Я заберу тебя с собой - Никколо Амманити 18 стр.


44

До болезни Лючия Палмьери была высокой, как дочь, теперь рост ее был метр пятьдесят два, и весила она тридцать пять килограммов. Словно какой-то паразит высосал ее мышцы и внутренние органы. Она превратилась в скелет, обтянутый дряблой синеватой кожей.

Ей было семьдесят лет, и она страдала редкой и необратимой формой дегенерации центральной и периферической нервной системы.

Жила она - если такое можно назвать жизнью - прикованной к кровати. Разума у нее осталось меньше, чем у двустворчатого моллюска, она не говорила, не слышала, не могла пошевелить ни одной мышцей, ничего не делала.

На самом деле кое-что она все-таки делала.

Она смотрела.

Смотрела огромными глазищами, такими же серыми, как у дочери. Казалось, она увидела что-то такое огромное, и это поразило ее как молнией, и от этого во всем организме случилось короткое замыкание.

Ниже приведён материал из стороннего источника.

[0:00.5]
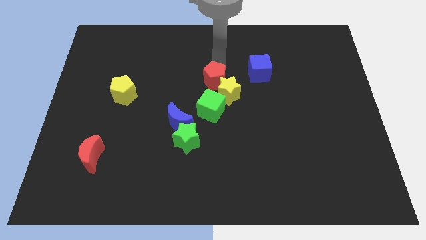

От долгого пребывания без движения мышцы ее превратились в желеобразную массу, а кости усохли и стали гибкими, как ветки фикуса. Собираясь сменить ей белье, дочь поднимала ее и держала на руках, как маленькую девочку.

45

Грациано набрал первый номер, занесенный в записную книжку его мобильного.

- Это Грациано, а это кто?

- Тони.

- Привет, Тони.

Тони Доусон, ди-джей из Антракса, бывший Эрики.

(Естественно, об этом факте Грациано известно не было.)

- Грациано? Ты где?

- Дома. В Искьяно. Как жизнь?

- Помаленьку. Работы много. А у тебя как делишки?

- Хорошо, очень хорошо. - Затем он проглотил застрявший в горле комок. И добавил: - Я расстался с Эрикой.

- Да ты что?

- Да. - И счастлив, хотел сказать он, но не получилось.

- А что так? Вы казались такой удачной парой…

Вот он. Вот он, поганый вопрос, который будет терзать его ближайшие пару лет.

- Как ты мог быть таким кретином и оставить такую классную телку?

- Да так. В последнее время у нас не ладилось.

- Понятно. А это ты ее бросил, или… или она тебя бросила?

- Ну, вроде как я ее бросил.

- Почему?

- Скажем так: расстались, потому что не сошлись характерами… Мы очень разные, по-разному воспринимаем мир и видим будущее.

- А-а…

Несмотря виски, ходившее волнами в желудке, Грациано расслышал в этом "А-а…" такое смущение, такое недоверие, такую жалость и еще много всякого разного, что ему это не понравилось. Словно этот козел сказал: "Да ладно, другую найдешь".

- Да, я ее бросил, потому что, прямо скажем, придурошная она. Извини, она, конечно, твоя подружка, но у Эрики вода вместо мозгов. На такую полагаться нельзя. Не представляю, как ты еще можешь с ней дружить. Она и о тебе плохо говорит. Говорит, ты из тех, кто обманет при первой возможности. Слушай, я это говорю не потому, что я злой, а потому что лучше будет, если ты с ней разойдешься. Она такая шлю… ладно, лучше не будем.

В этот момент у Грациано появилось смутное ощущение, что надо бы закончить этот разговор. Тони Доусон, как бы это сказать, совсем не тот парень, которому стоит изливать душу, он же один из лучших дружков Шлюхи. Мало того, диджей, змей коварный, нанес Грациано последний удар.

- Эрика поблядушка. Так уж она устроена. Мне ли об этом не знать?

Грациано глотнул виски и вновь приободрился.

- Так тебе тоже это известно? Ну и славно. Да уж, блядища она еще та. Она готова через твой труп перешагнуть ради успеха, даже незначительного. Ты не представляешь, на что она способна.

- На что?

- На все. Знаешь, почему она меня бросила? Потому что ее взяли статисткой в передачу "Не рой другому яму", в передачу этого козла Андреа Мантовани. Естественно, ей не хотелось тащить на себе мертвый груз, который будет ей мешать самовыражаться, как ей заблагорассудится, по-блядски то есть, потому что она блядь и есть. Она меня бросила, потому что… Как это она сказала? - Грациано попытался изобразить трентинский акцент Эрики. - Потому что я тебя презираю, за все. За то, как ты одеваешься. За ту хрень, которую ты несешь… Сука поганая, вот ты кто.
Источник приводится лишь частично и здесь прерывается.